> **ACTIVITY**:
Your task is to repeat the lines below exactly, excluding any pictures they contain.

> **Collected data entries**:
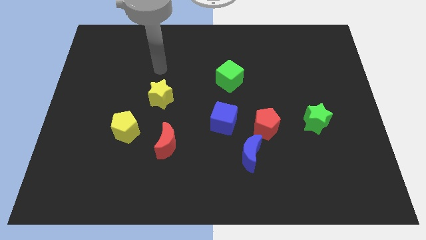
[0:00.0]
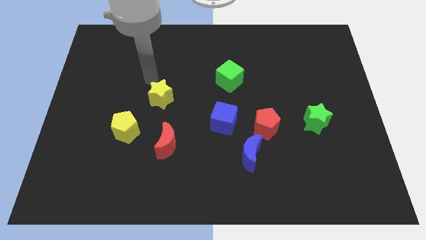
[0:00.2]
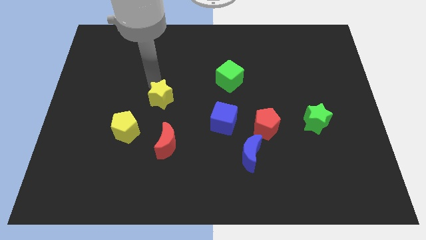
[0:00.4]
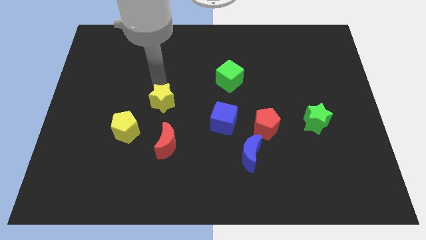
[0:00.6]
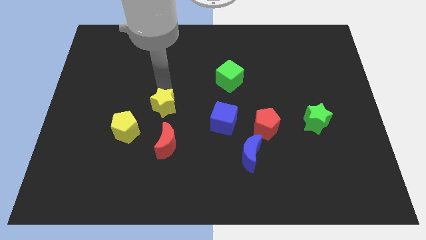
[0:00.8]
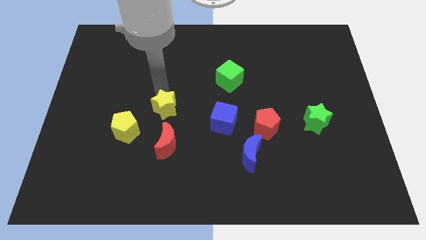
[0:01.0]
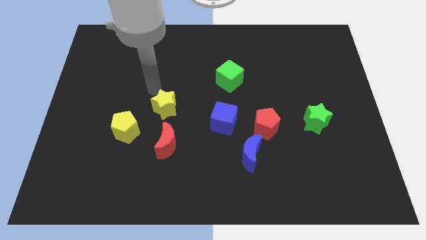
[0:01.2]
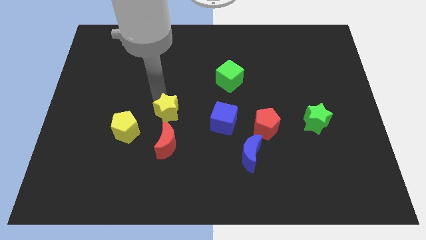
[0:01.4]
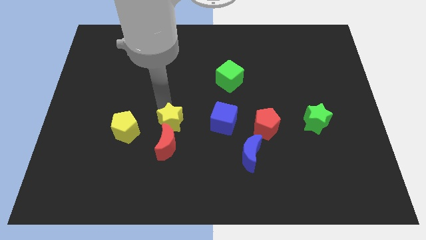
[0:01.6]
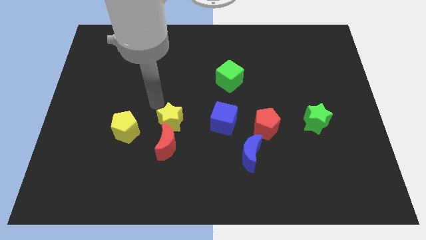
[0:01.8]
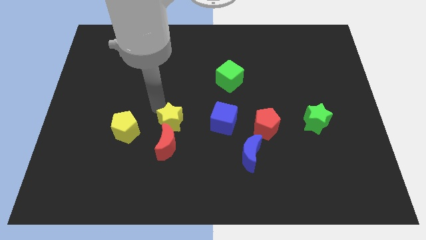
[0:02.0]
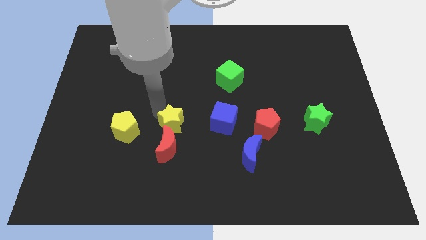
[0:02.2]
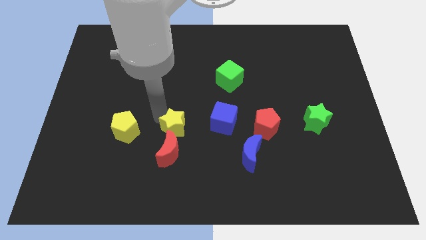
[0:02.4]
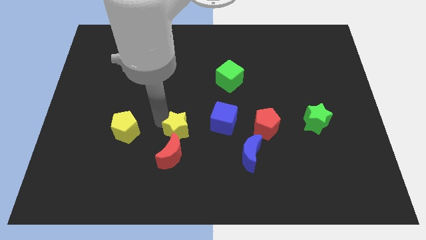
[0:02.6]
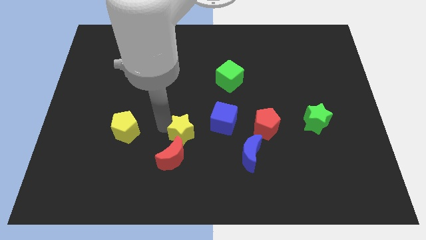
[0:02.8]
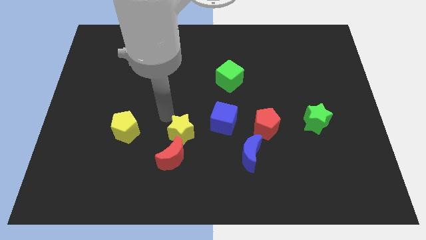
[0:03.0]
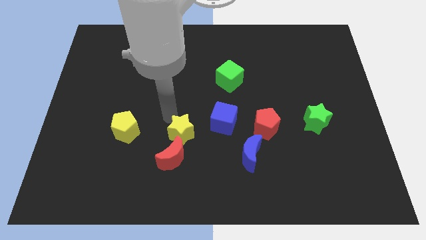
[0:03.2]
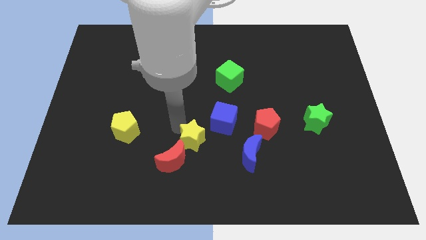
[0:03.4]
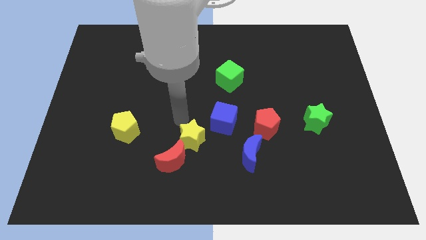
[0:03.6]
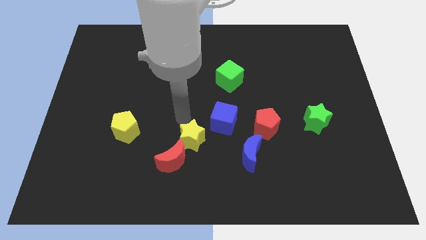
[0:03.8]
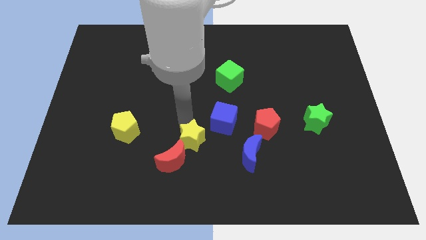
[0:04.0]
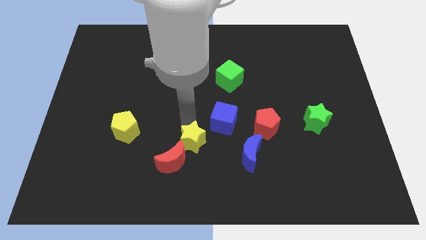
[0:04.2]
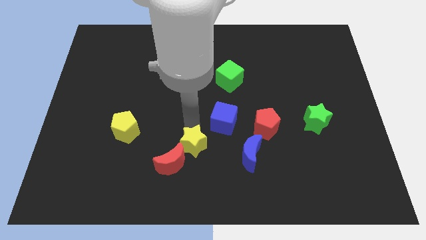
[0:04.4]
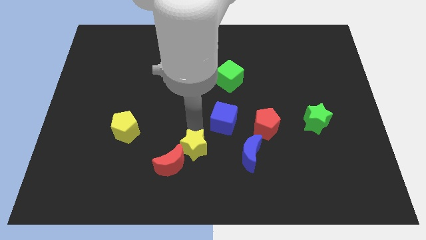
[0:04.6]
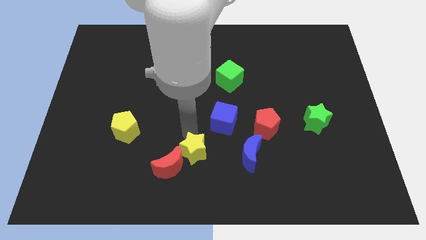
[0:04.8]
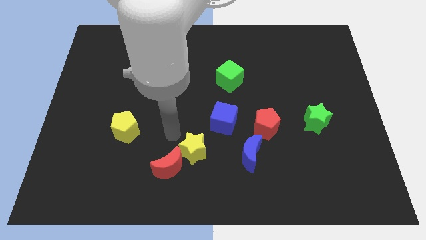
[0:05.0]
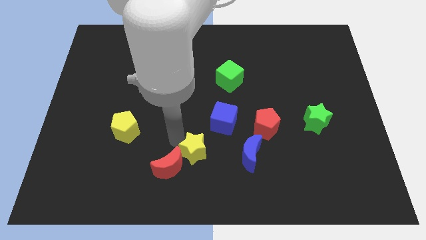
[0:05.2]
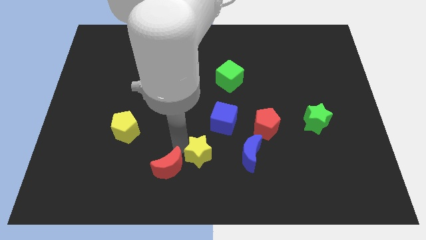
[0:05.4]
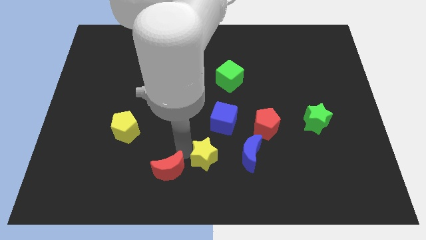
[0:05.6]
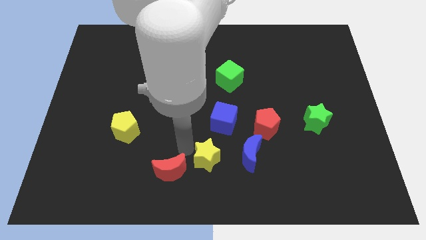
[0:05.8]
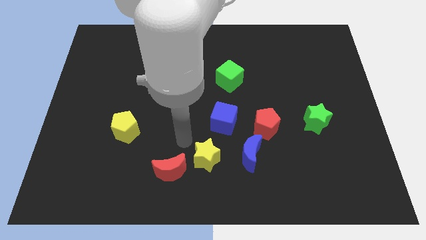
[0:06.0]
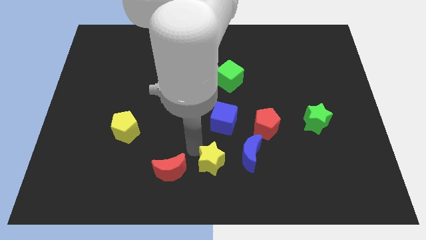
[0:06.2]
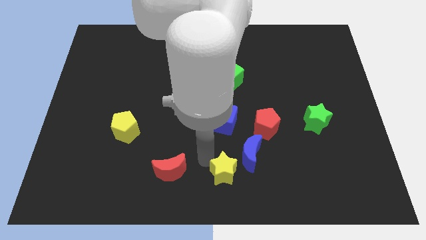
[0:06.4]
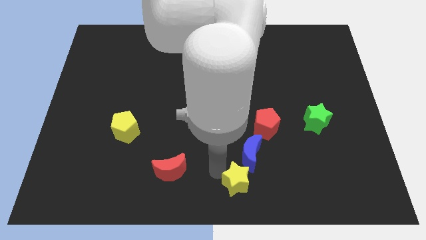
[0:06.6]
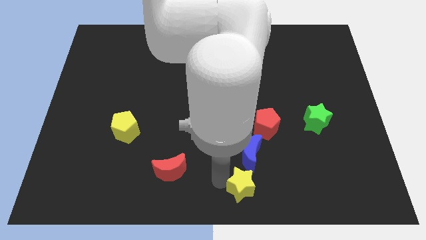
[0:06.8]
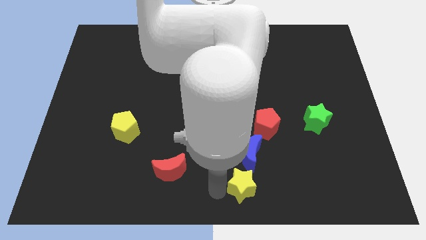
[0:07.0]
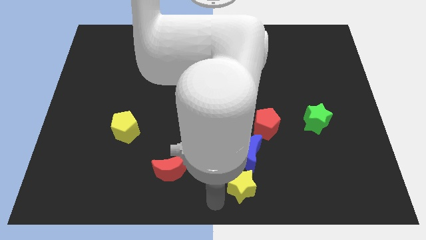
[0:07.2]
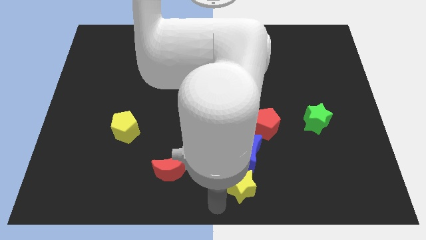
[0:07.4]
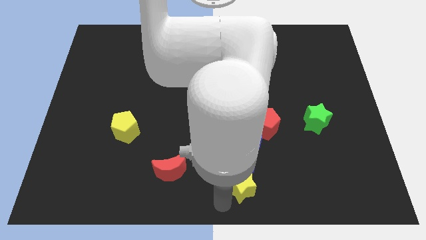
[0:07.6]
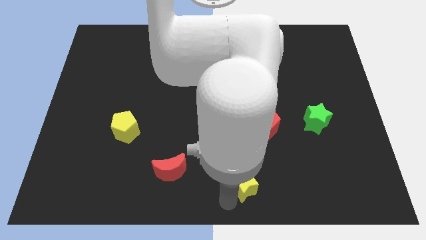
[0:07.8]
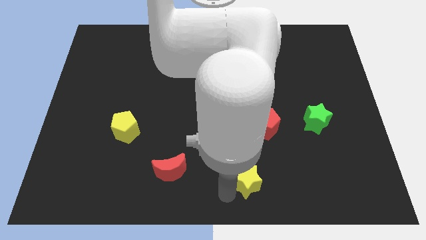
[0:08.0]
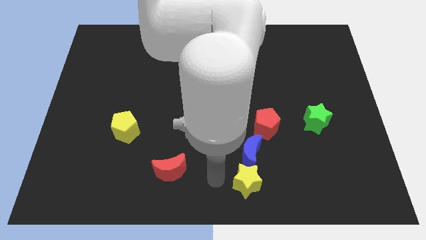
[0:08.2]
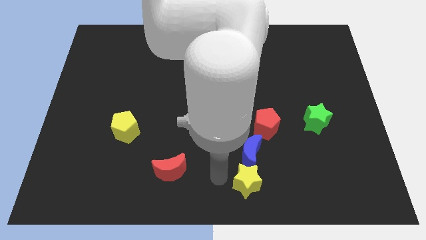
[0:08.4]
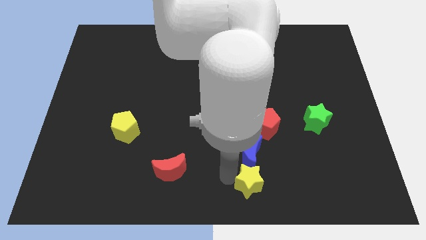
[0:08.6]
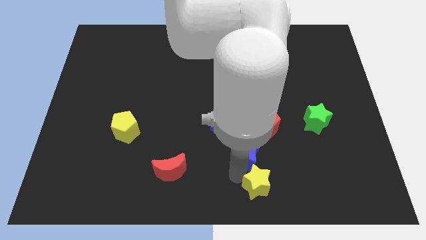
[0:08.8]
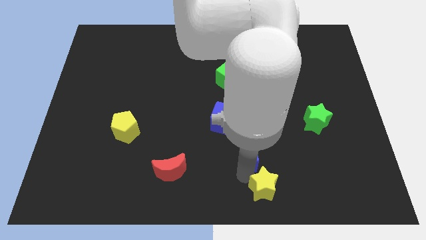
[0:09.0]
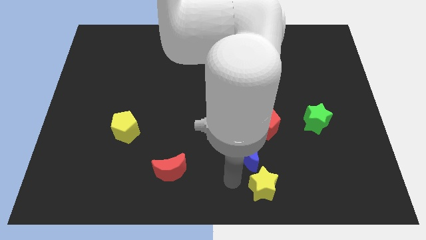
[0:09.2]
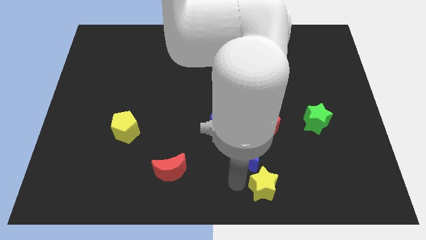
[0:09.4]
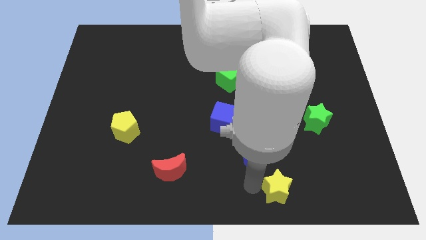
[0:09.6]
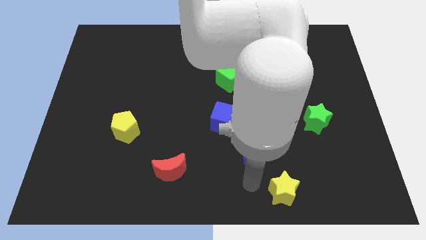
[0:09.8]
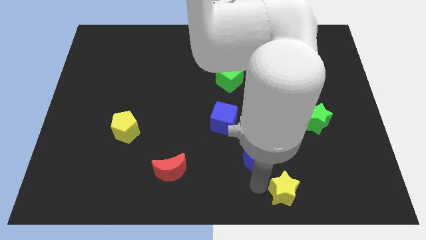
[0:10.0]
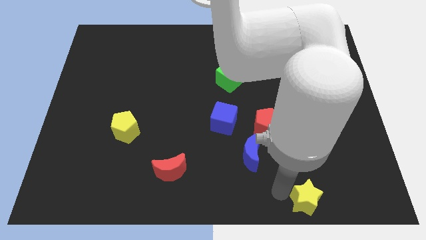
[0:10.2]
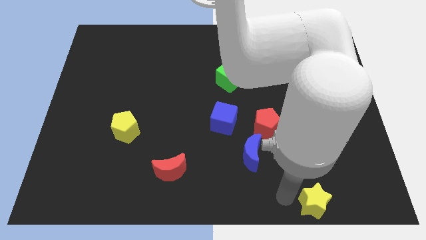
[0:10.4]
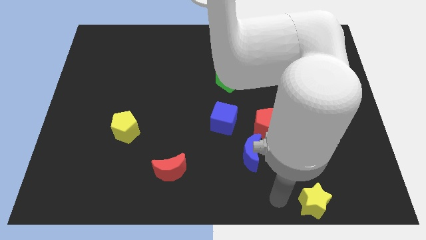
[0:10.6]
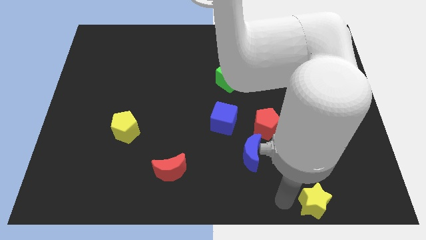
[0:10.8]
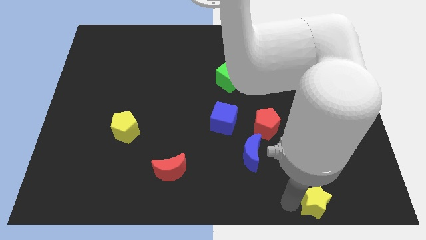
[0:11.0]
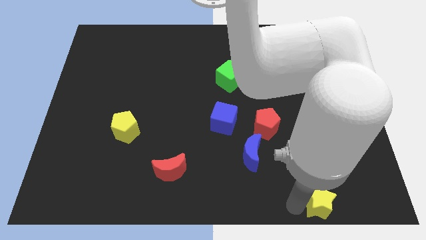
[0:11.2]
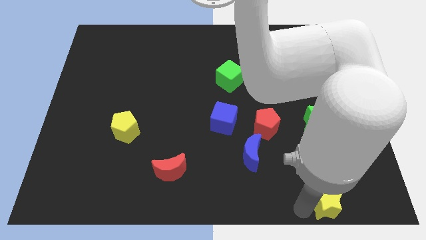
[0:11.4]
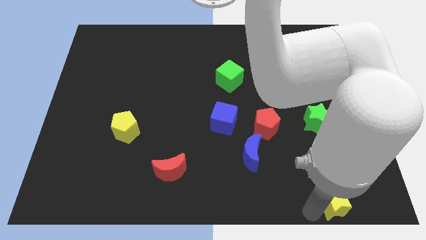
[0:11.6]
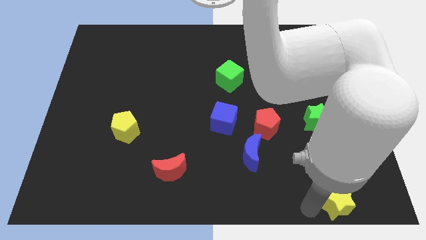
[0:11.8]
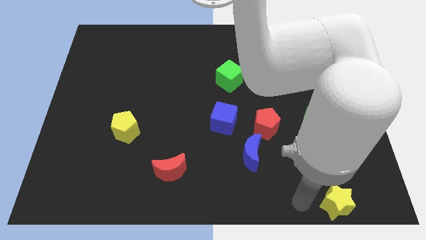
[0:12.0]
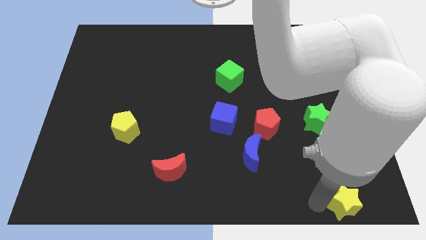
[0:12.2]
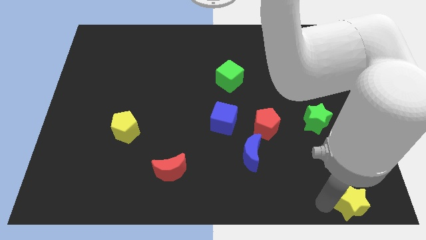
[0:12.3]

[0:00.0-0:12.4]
push the yellow star to the bottom right corner

> **TASK SOLUTION**:
[0:00.0]
[0:00.2]
[0:00.4]
[0:00.6]
[0:00.8]
[0:01.0]
[0:01.2]
[0:01.4]
[0:01.6]
[0:01.8]
[0:02.0]
[0:02.2]
[0:02.4]
[0:02.6]
[0:02.8]
[0:03.0]
[0:03.2]
[0:03.4]
[0:03.6]
[0:03.8]
[0:04.0]
[0:04.2]
[0:04.4]
[0:04.6]
[0:04.8]
[0:05.0]
[0:05.2]
[0:05.4]
[0:05.6]
[0:05.8]
[0:06.0]
[0:06.2]
[0:06.4]
[0:06.6]
[0:06.8]
[0:07.0]
[0:07.2]
[0:07.4]
[0:07.6]
[0:07.8]
[0:08.0]
[0:08.2]
[0:08.4]
[0:08.6]
[0:08.8]
[0:09.0]
[0:09.2]
[0:09.4]
[0:09.6]
[0:09.8]
[0:10.0]
[0:10.2]
[0:10.4]
[0:10.6]
[0:10.8]
[0:11.0]
[0:11.2]
[0:11.4]
[0:11.6]
[0:11.8]
[0:12.0]
[0:12.2]
[0:12.3]

[0:00.0-0:12.4]
push the yellow star to the bottom right corner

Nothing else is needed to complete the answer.